Teheranis Entwurf sah ein Gebäude mit viel Glas, Beton und Stahl vor. Die Gebäude von Caruso St. John zeigen das Gegenteil – wenig Glas, dafür viel roten Klinker. Das hatten Stephanie Webs und Thomas Back bereits bei ihrem ersten Besuch im März den Beiratsmitgliedern erklärt: Sie wollen mit Materialien bauen, die ortsüblich sind. Auch ihr damaliges Holzmodell hatte einen Rotton. Form und Farbe erinnerten die Vegesacker Fraktionen damals an die umgedrehte Kommode, den alten Wasserturm auf dem Stadtwerder.
Jetzt könnten sie die geplanten Neubauten auch mit dem Gebäude der Bremer Landesbank vergleichen. Auch das haben die Londoner Architekten entworfen. Die Fassade des Bankhauses in der Innenstadt ist nicht einfach glatt, sondern hat Ausbuchtungen, die quasi wellenartig verlaufen. Genauso wie bei den Entwürfen für die Häuser am Weserhang. Der Unterschied zur Landesbank ist, dass sich die Fassade andersherum wölbt: nicht nach außen, sondern nach innen. Nach Angaben von Webs und Back bekommen die Wohnungen so mehr Licht von außen.
Wie viele es genau werden sollen, konnten die Architekten den Anwohnern während des Treffens im Stadthaus nicht sagen. Fest steht bisher nur, dass mehr Eigentums- als Mietwohnungen geplant sind. Dass bei dem Projekt die 25-Prozent-Quote für sozialen Wohnungsbau gilt. Und dass es keine Balkone an beiden Gebäuden geben wird, damit der Verlauf der wellenförmigen Fassaden nicht unterbrochen wird. Dafür sieht der Entwurf der beiden Planer auf allen Etagen Loggien vor. Die meisten sind zur Weser beziehungsweise zum Stadtgarten ausgerichtet.
Auch eine hochwassersichere Tiefgarage soll gebaut werden. Mehr parkende Autos entlang der Schulken- und Weserstraße befürchten die Anwohner trotzdem. Und mehr Verkehr, besonders während der Bauphase.
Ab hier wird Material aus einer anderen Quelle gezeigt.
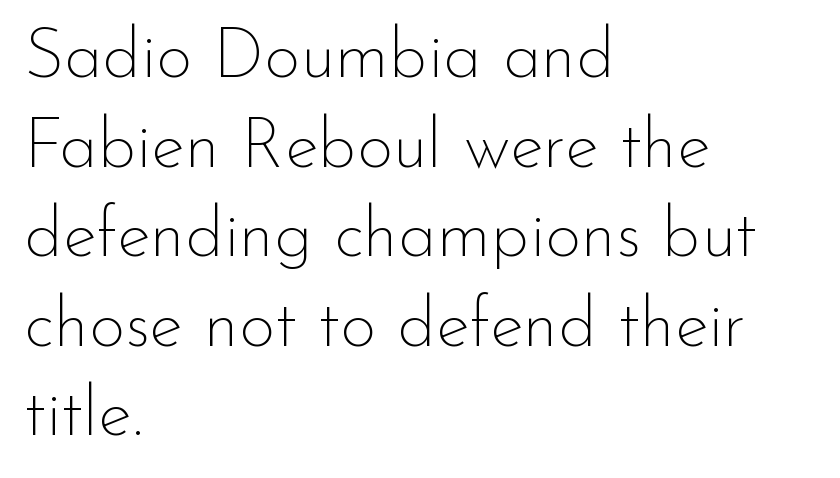
The characters display no serif detailing; their extremities are plain. Short note: letters normally spaced. The paragraph has a hard left edge and a soft right edge. The weight would be labelled regular, book, light, or lighter still. Unmarked baselines from the first word to the last.
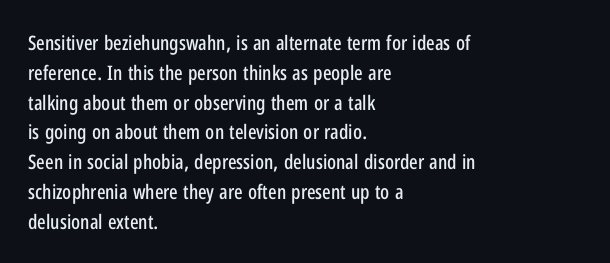
The image shows 20 px text type, upright; set left-aligned, normal line spacing (1.49x), normal letter spacing, not underlined.
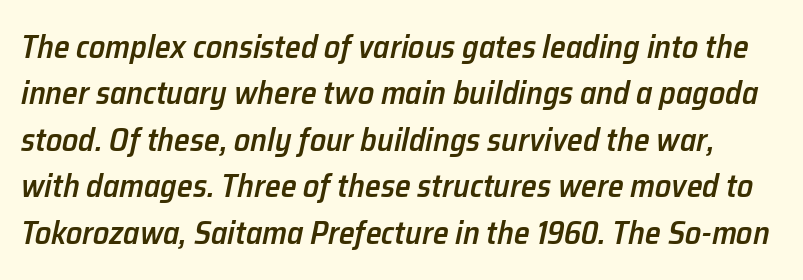
The image shows 32 px semibold type, italic (leaning right); set normal line spacing (1.45x), normal letter spacing, not underlined; low stroke contrast and a medium x-height.

Sie gehen davon aus, dass die Straßen von den Lastwagen beschädigt werden könnten – und ihre Häuser durch die Erschütterungen der tonnenschweren Fahrzeuge gleich mit. Die Architekten sagten, was sie bereits im Beirat gesagt haben: dass bei den Bauarbeiten größtmögliche Rücksicht auf die Anwohner genommen werde und das Büro Caruso St. John viel Erfahrung mit Baustellen habe, die mitten in Stadt- und Wohngebieten liegen.
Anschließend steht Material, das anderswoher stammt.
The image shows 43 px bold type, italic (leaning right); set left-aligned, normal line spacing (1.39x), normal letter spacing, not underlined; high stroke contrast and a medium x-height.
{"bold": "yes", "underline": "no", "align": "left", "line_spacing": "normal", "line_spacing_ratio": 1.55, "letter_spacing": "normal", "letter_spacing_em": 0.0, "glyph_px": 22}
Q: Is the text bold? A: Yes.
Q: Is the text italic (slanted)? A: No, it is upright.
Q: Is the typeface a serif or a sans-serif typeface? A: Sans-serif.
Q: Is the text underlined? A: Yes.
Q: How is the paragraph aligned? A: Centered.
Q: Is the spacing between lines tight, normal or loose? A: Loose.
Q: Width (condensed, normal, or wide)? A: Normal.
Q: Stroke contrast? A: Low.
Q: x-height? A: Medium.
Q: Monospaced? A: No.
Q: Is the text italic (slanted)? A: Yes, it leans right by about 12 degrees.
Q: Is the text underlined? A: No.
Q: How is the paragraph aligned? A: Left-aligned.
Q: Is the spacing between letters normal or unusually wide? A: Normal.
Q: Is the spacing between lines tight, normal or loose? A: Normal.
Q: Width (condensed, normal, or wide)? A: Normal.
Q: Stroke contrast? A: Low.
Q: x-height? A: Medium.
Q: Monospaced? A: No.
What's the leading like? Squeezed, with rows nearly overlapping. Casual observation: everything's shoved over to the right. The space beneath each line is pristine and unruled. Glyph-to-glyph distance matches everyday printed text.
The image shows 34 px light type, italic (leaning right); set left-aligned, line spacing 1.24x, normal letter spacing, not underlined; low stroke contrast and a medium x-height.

Belastungen durch Baustellenverkehr
Manchen Anliegern reicht das nicht. Sie wollen wissen, wie sich der Baustellenverkehr auswirken wird – und wie er so gelenkt werden kann, dass mit den geringsten Belastungen für die Nachbarschaft zu rechnen ist. Sie fordern einen genauen Plan. Auch Ortsamtsleiter Heiko Dornstedt will den. Er sprach sich während des Anwohnertreffens dafür aus, dass bis zur nächsten Beiratssitzung ein Verkehrskonzept für die Weser- und die Schulkenstraße vorliegen soll, das Klarheit schafft und Sicherheit bringt. Nach Angaben der Baubehörde wird das Amt für Straßen und Verkehr ohnehin eingeschaltet, um sich die Fahrbahnen und das Gebiet genauer anzuschauen.
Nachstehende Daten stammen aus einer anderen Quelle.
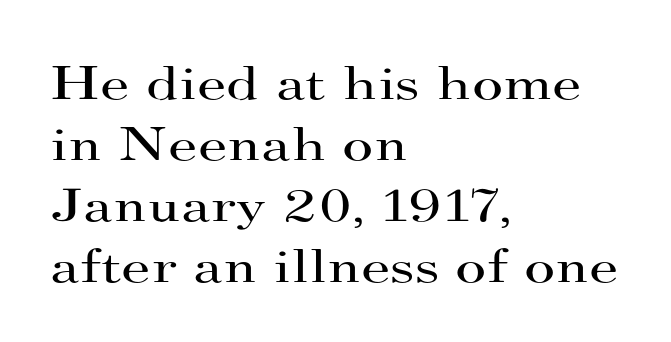
Q: Is the text bold? A: No.
Q: Is the text italic (slanted)? A: No, it is upright.
Q: Is the typeface a serif or a sans-serif typeface? A: Serif.
Q: Is the text underlined? A: No.
Q: How is the paragraph aligned? A: Left-aligned.
Q: Is the spacing between letters normal or unusually wide? A: Normal.
Q: Is the spacing between lines tight, normal or loose? A: Normal.
Q: Width (condensed, normal, or wide)? A: Wide.
Q: Stroke contrast? A: High.
Q: x-height? A: Small.
Q: Monospaced? A: No.
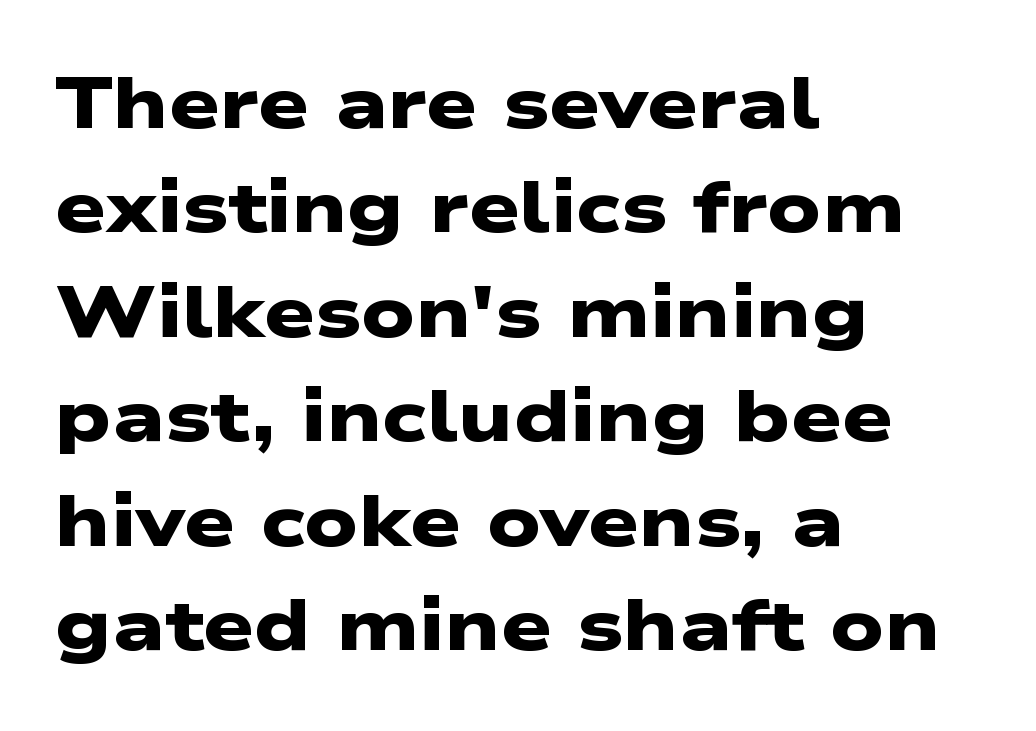
The image shows 72 px heavy, wide sans-serif type; set left-aligned, normal line spacing (1.45x), normal letter spacing, not underlined; low stroke contrast and a medium x-height.
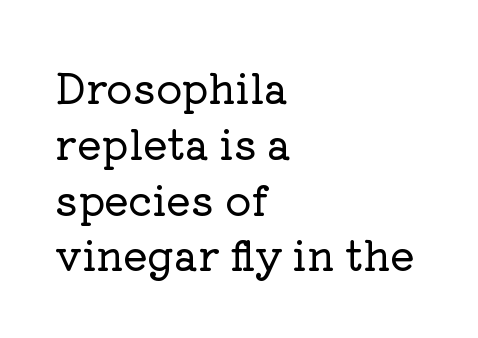
The image shows 41 px serif type, upright; set left-aligned, normal line spacing (1.36x), normal letter spacing, not underlined; low stroke contrast and a medium x-height.
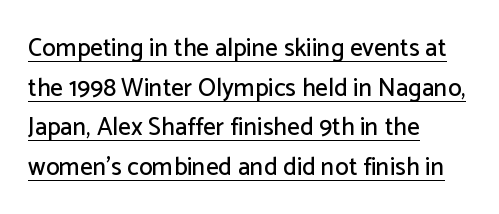
{"italic": "no", "underline": "yes", "align": "left", "line_spacing": "normal", "line_spacing_ratio": 1.59, "letter_spacing": "normal", "letter_spacing_em": 0.0, "glyph_px": 25}
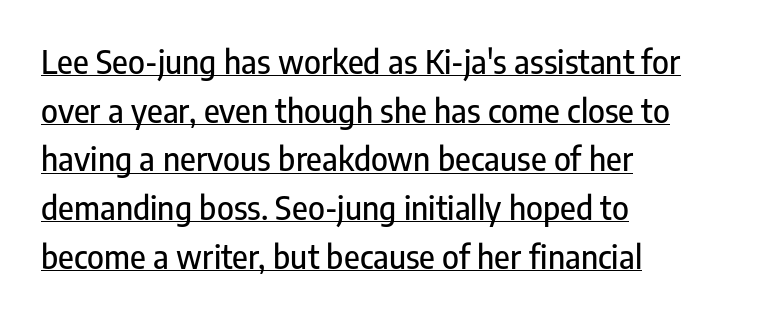
Q: Is the text italic (slanted)? A: No, it is upright.
Q: Is the typeface a serif or a sans-serif typeface? A: Sans-serif.
Q: Is the text underlined? A: Yes.
Q: How is the paragraph aligned? A: Left-aligned.
Q: Is the spacing between letters normal or unusually wide? A: Normal.
Q: Is the spacing between lines tight, normal or loose? A: Normal.
Q: Width (condensed, normal, or wide)? A: Condensed.
Q: Stroke contrast? A: Low.
Q: x-height? A: Medium.
Q: Monospaced? A: No.
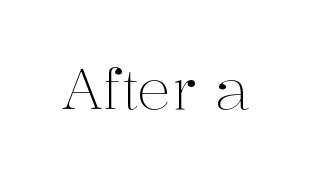
Q: Is the text bold? A: No.
Q: Is the text italic (slanted)? A: No, it is upright.
Q: Is the typeface a serif or a sans-serif typeface? A: Serif.
Q: Is the text underlined? A: No.
Q: Is the spacing between letters normal or unusually wide? A: Normal.
Q: Width (condensed, normal, or wide)? A: Normal.
Q: Stroke contrast? A: Medium.
Q: x-height? A: Medium.
Q: Monospaced? A: No.
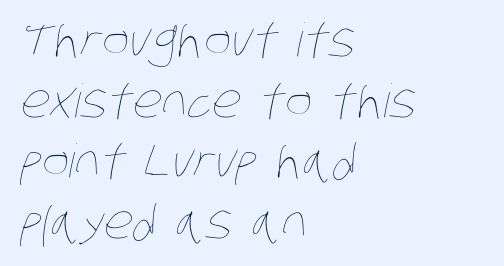
The image shows 46 px thin, condensed type; set left-aligned, normal line spacing (1.32x), normal letter spacing, not underlined; low stroke contrast and a large x-height.
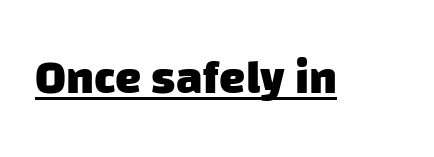
Q: Is the text bold? A: Yes.
Q: Is the typeface a serif or a sans-serif typeface? A: Sans-serif.
Q: Is the text underlined? A: Yes.
Q: Is the spacing between letters normal or unusually wide? A: Normal.
Q: Width (condensed, normal, or wide)? A: Normal.
Q: Stroke contrast? A: Low.
Q: x-height? A: Large.
Q: Monospaced? A: No.

Die Architekten rechnen mit einer Bauzeit von mindestens 18 Monaten, den Abriss des früheren Vulkan-Kontorhauses mitgerechnet. Im nächsten Monat soll der Bebauungsplan für das Wohnprojekt öffentlich ausgelegt werden. Die Baubehörde geht davon aus, dass noch in diesem Jahr der Planungs- und Genehmigungsprozess abgeschlossen wird. Bei dem Vorhaben soll es schnell gehen. Es steht auf einer Liste von Projekten, bei denen das Verfahren verkürzt wurde.